August 1, 2013

Ninnekah plant produces classic meat

NINNEKAH — Many Oklahomans find themselves on the road during the summer. Visiting attractions large and small usually involves a drive due to the spread out nature of the state.

To refuel, many opt for the tried and true, dried and cured snack sold in any gas station worth its sodium: beef jerky.

Nestled on old Highway 81 in Ninnekah, the Blackjack Beef Jerky plant has been producing the tasty road trip staple for just over 100 days.

The facility is completely new, but has evolved over two years of planning. It is a federally inspected, USDA plant. This means  Blackjack can sell anywhere in the U.S.

The plant uses a linear flow process, which means cooked meat never touches the same area raw meat has been through.

Blackjack Beef Jerky comes in one flavor. Their motto is "One flavor, done right, every day."

"We're not into designer jerky," Paul Anthony, Blackjack Beef Jerky VP said.

Beef, worcestershire and soy sauce are the time-tested ingredients. Some beef jerky companies use pressed or shredded beef and press it into forms, but Blackjack uses eye of round, a whole muscle cut, Anthony said.

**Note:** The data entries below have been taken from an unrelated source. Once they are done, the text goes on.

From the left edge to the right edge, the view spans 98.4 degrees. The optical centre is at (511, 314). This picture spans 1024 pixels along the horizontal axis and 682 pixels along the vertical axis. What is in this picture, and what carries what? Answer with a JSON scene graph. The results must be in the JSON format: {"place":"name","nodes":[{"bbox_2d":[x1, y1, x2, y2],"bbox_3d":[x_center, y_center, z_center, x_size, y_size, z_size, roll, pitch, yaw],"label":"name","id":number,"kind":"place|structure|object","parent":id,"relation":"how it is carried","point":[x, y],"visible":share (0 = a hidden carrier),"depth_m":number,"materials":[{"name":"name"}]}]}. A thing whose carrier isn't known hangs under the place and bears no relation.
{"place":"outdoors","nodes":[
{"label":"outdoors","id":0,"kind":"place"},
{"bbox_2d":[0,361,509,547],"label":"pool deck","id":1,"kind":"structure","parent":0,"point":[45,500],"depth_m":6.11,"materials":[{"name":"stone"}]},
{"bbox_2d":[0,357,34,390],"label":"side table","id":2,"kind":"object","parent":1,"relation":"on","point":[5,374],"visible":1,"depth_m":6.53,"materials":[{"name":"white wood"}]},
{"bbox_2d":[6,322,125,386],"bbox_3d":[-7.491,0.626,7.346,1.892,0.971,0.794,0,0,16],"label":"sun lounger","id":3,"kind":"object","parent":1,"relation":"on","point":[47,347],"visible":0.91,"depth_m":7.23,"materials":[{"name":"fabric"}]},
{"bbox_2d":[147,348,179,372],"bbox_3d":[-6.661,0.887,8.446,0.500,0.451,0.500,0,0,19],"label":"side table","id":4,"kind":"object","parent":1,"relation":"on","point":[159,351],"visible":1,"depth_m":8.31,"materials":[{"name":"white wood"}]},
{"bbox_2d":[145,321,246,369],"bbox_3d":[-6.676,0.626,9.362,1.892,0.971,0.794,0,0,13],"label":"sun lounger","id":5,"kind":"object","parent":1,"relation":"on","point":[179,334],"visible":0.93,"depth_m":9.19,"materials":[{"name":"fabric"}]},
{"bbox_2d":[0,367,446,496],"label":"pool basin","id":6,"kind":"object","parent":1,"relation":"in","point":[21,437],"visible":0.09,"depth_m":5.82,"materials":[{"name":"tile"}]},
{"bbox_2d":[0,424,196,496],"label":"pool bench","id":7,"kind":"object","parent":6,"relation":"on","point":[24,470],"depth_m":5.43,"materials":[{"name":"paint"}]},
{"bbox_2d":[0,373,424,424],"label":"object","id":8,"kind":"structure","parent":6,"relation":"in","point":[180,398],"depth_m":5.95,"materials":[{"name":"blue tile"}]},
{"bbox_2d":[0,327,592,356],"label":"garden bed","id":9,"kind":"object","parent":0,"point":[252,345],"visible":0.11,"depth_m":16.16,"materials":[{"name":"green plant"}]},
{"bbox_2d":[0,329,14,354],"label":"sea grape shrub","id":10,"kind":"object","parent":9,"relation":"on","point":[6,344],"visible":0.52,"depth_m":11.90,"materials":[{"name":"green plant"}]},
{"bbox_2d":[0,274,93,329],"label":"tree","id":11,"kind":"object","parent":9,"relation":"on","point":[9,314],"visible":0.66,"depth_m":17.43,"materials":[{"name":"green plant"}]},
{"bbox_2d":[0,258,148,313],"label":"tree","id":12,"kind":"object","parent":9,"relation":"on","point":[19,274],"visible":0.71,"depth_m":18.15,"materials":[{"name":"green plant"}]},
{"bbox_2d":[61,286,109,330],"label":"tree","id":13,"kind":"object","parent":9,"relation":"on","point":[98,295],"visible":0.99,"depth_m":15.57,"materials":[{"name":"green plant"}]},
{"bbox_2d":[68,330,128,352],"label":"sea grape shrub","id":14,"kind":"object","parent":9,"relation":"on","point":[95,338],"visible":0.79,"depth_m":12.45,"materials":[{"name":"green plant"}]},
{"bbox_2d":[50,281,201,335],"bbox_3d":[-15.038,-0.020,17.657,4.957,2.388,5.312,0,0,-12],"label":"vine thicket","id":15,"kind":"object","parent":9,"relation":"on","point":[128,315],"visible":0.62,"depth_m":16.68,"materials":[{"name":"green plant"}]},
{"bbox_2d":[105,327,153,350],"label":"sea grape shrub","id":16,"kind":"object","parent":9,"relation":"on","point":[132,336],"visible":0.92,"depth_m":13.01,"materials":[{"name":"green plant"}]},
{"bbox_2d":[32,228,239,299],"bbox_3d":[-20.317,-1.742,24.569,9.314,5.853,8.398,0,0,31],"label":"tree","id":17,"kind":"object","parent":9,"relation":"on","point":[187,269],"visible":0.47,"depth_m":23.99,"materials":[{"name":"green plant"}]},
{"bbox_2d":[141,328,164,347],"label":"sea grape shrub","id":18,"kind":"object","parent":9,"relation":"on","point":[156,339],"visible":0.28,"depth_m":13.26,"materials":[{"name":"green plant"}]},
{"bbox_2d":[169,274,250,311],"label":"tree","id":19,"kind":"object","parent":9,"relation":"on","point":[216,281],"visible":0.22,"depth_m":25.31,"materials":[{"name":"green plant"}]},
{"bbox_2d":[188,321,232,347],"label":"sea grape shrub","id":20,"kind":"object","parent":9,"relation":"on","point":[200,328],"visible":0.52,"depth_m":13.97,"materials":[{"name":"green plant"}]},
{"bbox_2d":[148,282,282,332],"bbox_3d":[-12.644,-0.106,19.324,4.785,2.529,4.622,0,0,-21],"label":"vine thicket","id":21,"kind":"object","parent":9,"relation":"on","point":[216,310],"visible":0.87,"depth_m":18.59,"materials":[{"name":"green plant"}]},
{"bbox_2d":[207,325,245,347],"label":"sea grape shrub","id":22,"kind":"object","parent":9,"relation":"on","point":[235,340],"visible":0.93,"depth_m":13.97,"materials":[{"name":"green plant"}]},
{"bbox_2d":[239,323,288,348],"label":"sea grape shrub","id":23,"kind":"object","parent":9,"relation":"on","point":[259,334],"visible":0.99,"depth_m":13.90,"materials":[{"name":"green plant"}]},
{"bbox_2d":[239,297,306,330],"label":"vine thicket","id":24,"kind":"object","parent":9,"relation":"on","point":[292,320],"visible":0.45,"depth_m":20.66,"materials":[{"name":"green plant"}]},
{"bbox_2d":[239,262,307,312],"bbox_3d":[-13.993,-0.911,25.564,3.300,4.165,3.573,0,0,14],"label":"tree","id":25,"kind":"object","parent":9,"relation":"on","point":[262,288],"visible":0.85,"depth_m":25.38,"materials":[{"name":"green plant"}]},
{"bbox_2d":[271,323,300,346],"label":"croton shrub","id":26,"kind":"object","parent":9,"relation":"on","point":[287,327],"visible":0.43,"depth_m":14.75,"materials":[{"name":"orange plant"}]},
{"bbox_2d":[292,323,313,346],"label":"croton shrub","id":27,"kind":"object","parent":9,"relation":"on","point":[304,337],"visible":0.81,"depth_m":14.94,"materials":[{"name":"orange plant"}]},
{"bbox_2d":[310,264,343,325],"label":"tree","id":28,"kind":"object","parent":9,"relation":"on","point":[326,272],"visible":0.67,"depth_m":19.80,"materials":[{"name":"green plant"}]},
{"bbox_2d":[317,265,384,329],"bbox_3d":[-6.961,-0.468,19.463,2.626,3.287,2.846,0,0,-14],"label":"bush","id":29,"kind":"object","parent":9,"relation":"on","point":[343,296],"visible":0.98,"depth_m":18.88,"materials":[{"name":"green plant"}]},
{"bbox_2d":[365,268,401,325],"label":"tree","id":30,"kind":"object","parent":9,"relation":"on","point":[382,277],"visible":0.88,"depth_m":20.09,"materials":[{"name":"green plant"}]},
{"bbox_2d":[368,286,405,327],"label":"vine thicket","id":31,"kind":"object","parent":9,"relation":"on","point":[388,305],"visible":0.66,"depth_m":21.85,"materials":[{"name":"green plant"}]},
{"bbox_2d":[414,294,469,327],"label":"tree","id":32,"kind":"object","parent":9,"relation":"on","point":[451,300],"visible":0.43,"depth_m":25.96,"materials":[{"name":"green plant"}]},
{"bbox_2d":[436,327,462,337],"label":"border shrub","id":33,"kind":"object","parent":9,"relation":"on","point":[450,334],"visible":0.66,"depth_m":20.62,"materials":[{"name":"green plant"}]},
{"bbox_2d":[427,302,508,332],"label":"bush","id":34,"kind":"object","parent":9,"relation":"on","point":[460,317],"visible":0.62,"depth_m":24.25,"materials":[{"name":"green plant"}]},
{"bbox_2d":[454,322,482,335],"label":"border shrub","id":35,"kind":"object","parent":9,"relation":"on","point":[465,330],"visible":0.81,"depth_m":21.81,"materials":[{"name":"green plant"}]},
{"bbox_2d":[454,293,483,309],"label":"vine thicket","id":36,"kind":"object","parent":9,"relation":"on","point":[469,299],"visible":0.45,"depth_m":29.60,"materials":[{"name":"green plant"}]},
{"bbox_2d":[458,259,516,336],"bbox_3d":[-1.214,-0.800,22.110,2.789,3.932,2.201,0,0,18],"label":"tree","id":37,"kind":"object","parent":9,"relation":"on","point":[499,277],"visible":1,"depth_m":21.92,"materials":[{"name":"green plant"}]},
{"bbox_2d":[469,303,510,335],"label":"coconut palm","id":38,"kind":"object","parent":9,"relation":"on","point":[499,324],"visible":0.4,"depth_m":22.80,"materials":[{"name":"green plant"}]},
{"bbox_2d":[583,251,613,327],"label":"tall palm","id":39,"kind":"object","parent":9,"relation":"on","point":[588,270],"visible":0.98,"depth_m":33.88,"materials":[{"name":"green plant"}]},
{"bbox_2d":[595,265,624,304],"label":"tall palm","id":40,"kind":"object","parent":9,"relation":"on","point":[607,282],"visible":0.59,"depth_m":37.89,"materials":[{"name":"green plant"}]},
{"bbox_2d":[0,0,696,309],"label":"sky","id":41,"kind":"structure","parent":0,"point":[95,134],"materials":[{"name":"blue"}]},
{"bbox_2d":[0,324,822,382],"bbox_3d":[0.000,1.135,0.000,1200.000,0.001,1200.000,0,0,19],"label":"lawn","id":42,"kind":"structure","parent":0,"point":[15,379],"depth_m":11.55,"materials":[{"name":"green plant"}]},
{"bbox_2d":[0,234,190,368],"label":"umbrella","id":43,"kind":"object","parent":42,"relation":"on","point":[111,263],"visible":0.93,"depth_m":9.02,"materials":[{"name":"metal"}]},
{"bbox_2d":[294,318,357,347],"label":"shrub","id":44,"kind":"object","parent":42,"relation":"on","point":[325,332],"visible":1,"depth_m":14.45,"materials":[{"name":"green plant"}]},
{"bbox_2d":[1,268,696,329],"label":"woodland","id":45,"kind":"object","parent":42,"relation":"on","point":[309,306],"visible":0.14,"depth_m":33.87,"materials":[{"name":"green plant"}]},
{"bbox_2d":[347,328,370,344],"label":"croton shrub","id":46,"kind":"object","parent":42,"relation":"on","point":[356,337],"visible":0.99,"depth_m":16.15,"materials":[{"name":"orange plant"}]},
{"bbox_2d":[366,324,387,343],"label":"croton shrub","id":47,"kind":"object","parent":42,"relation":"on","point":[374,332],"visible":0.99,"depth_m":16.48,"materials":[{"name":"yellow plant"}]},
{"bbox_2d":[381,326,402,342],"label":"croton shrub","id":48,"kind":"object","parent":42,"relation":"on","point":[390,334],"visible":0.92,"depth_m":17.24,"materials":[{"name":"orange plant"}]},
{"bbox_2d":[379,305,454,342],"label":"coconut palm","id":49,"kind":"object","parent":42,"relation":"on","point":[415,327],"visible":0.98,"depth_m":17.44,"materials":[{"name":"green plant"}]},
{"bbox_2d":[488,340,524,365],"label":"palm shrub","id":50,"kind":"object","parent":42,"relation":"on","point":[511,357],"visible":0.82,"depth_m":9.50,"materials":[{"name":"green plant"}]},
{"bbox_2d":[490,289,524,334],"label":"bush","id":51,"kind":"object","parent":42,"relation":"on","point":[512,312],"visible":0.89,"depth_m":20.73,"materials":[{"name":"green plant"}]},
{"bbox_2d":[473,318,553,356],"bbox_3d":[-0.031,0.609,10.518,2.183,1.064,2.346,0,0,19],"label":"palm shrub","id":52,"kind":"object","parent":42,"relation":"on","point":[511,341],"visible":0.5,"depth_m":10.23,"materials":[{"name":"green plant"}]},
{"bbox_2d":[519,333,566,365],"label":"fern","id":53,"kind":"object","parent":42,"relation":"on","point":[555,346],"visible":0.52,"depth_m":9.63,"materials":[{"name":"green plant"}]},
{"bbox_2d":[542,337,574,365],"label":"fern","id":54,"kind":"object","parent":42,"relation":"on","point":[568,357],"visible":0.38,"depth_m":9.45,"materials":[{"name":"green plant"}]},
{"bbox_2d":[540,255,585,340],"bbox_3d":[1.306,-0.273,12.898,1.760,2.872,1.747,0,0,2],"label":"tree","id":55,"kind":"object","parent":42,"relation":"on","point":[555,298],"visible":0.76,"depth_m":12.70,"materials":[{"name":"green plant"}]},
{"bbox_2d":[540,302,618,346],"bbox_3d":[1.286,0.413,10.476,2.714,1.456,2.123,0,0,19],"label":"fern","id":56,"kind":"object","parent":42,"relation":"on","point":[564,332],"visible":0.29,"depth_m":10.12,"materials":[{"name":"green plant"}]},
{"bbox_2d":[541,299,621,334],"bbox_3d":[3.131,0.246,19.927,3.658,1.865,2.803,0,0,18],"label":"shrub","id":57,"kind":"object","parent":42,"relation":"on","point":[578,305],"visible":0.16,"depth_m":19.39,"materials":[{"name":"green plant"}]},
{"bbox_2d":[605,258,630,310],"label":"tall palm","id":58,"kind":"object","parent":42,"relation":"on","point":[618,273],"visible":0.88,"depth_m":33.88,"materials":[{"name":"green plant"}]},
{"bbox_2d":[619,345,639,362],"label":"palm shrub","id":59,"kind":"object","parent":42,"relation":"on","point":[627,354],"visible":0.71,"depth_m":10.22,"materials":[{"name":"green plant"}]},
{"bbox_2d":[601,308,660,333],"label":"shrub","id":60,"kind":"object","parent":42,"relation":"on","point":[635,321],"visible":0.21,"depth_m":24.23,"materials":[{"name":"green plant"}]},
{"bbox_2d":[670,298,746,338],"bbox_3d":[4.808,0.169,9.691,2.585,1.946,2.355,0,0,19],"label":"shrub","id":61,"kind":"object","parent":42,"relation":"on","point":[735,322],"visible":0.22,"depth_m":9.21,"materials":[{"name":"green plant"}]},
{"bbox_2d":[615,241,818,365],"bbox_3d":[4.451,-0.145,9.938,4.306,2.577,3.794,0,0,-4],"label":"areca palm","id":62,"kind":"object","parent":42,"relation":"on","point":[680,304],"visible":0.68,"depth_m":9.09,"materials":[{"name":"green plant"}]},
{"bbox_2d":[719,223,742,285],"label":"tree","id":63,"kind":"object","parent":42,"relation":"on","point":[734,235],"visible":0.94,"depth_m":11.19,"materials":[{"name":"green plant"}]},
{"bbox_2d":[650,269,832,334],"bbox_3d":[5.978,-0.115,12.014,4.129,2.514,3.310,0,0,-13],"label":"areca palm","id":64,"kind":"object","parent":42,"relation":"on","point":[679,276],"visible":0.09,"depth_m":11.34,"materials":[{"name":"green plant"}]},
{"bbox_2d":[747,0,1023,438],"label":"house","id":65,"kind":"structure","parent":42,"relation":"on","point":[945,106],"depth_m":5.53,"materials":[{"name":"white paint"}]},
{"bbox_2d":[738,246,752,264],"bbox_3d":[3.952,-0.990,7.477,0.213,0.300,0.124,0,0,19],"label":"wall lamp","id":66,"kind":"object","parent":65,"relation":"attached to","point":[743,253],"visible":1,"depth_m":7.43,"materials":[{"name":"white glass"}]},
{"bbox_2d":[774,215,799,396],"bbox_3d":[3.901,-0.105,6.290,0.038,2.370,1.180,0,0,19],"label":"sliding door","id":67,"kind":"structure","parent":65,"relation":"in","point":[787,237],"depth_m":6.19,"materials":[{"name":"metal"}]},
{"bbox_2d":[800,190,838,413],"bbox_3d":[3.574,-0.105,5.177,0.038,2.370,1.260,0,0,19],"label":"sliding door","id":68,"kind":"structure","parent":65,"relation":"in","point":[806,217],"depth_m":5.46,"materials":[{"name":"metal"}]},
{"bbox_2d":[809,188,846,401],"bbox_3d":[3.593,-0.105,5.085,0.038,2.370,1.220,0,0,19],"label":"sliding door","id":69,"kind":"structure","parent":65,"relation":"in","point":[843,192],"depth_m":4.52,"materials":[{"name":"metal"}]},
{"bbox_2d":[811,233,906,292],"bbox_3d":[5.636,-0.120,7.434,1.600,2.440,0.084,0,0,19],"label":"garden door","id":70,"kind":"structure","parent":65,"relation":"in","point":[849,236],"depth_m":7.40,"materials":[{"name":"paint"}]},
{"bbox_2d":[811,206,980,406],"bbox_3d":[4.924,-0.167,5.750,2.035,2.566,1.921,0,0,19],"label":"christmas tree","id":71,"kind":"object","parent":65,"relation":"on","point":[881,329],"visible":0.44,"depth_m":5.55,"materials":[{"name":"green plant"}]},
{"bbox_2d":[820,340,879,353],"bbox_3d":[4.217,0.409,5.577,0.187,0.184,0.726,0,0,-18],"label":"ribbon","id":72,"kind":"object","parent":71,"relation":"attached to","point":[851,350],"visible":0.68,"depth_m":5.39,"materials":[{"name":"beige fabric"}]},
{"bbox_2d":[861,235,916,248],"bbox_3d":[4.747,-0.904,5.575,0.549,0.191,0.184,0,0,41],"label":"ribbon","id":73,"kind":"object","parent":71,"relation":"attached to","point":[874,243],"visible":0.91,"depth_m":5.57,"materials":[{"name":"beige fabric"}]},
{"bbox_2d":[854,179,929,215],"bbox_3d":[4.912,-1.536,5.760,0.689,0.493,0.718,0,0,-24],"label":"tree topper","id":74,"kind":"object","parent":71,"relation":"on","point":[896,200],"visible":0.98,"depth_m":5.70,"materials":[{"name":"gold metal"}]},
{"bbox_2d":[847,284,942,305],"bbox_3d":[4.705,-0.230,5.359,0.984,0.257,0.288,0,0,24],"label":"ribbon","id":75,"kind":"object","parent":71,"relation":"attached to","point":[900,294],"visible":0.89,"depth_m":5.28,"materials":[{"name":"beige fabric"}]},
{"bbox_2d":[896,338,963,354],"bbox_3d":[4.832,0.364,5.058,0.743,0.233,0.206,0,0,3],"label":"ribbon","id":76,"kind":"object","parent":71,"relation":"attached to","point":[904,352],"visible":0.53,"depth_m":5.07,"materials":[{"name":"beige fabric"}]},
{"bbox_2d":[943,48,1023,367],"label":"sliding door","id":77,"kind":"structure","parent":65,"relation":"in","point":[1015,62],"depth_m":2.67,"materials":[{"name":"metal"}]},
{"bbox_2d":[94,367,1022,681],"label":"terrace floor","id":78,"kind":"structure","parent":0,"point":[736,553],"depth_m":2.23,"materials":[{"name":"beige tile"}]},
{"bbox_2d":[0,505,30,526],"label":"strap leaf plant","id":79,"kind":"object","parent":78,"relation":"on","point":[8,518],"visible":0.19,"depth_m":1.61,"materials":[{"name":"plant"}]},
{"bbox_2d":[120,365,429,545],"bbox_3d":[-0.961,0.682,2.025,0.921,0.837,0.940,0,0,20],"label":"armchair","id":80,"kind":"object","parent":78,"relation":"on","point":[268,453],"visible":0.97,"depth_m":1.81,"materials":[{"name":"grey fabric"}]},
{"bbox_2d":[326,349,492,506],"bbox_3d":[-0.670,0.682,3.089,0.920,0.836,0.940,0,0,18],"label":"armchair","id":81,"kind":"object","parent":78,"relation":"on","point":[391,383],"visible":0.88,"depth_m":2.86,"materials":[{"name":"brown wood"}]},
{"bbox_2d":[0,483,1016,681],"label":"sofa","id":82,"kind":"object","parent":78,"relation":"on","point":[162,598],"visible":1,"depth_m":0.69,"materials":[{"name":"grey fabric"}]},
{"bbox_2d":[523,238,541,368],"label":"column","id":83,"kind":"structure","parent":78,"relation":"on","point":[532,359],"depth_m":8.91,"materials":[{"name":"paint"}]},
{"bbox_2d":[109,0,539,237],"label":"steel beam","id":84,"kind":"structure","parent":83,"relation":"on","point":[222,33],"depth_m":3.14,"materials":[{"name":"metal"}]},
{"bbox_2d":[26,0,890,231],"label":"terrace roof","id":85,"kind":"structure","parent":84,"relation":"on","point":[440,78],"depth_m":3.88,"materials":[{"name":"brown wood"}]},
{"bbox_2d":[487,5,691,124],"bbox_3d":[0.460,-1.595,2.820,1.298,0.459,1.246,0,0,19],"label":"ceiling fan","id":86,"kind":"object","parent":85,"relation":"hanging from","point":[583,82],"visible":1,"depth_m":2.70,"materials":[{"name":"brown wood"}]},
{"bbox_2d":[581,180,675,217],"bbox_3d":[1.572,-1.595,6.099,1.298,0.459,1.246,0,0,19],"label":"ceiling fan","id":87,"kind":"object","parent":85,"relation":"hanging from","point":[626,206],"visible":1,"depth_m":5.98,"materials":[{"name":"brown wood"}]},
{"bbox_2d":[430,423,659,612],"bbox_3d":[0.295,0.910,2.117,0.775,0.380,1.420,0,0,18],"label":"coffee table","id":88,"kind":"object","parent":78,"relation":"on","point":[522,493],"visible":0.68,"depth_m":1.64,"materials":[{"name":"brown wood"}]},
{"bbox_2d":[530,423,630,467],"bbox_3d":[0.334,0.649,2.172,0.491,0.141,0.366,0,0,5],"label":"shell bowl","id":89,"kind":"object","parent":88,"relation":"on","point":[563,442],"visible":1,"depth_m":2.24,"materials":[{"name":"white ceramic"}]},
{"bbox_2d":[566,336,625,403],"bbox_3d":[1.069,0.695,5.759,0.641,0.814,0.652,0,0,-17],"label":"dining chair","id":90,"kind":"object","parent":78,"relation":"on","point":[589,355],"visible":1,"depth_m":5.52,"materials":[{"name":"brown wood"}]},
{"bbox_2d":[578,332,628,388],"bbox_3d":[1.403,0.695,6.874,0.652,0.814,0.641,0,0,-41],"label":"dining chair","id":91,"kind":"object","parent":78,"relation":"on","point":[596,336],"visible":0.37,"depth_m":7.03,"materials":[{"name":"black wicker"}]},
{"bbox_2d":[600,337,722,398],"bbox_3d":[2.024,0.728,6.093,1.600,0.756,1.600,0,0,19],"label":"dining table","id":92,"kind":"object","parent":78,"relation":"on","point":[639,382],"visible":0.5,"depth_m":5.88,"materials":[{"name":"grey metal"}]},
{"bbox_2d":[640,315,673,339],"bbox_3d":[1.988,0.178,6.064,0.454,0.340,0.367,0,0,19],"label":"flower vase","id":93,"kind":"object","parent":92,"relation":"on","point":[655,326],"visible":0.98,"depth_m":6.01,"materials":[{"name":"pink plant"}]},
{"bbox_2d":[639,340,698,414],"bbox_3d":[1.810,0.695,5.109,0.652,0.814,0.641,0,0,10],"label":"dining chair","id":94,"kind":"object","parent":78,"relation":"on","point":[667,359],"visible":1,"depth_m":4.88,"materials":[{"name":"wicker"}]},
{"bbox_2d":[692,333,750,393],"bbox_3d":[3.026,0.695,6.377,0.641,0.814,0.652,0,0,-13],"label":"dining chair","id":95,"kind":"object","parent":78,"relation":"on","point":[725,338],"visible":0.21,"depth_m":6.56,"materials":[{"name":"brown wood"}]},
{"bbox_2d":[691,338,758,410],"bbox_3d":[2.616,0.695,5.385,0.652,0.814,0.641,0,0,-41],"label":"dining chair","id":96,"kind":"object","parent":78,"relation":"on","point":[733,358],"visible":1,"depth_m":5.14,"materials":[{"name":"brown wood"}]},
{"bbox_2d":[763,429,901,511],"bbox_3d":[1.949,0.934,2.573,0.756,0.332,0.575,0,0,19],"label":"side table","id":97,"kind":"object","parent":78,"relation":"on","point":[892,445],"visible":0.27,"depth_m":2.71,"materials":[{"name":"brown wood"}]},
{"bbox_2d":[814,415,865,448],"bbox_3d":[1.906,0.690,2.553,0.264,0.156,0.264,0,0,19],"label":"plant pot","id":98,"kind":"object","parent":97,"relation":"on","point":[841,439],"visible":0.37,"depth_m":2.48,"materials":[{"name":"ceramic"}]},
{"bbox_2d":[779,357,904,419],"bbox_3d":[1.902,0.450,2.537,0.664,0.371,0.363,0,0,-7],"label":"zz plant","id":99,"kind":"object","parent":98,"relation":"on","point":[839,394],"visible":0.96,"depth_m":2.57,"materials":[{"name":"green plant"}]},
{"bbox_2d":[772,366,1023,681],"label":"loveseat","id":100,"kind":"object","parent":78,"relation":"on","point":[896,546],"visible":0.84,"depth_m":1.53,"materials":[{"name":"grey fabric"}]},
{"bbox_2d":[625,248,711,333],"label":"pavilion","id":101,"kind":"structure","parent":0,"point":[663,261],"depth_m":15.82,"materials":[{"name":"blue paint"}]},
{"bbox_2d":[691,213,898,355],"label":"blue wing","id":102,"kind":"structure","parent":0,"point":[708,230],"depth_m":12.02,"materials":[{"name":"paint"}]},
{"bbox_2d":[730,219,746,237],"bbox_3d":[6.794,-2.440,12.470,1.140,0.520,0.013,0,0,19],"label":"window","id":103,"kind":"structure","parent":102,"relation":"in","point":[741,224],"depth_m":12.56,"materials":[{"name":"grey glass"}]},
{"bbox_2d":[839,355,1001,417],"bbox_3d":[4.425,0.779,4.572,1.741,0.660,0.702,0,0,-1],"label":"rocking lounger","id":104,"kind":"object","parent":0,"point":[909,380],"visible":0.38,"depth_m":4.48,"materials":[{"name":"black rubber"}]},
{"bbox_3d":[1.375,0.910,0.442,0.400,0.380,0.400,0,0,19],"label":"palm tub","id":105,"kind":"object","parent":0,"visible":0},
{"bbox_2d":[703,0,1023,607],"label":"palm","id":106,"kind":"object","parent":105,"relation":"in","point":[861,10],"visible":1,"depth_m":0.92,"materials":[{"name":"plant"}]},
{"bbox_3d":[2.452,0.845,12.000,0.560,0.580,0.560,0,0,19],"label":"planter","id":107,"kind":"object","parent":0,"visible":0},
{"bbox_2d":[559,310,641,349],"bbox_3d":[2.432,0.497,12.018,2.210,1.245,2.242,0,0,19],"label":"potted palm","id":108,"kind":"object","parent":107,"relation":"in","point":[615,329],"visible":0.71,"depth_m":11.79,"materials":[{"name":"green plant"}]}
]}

The homegrown jerky company also avoids using artificial dyes and preservatives. Some companies use a particular preservative that gives some jerky it's sheen, Anthony said.

Anthony said Blackjack even uses a higher grade of bag to carry their product. Anthony said the company aims to make every bite in the bag consistent.

"We want every bag you open to be like the last bag you bought," he said.

While Blackjack makes beef jerky as beef jerky has been made for the past 150 years, the facility uses modern equipment to speed up certain processes.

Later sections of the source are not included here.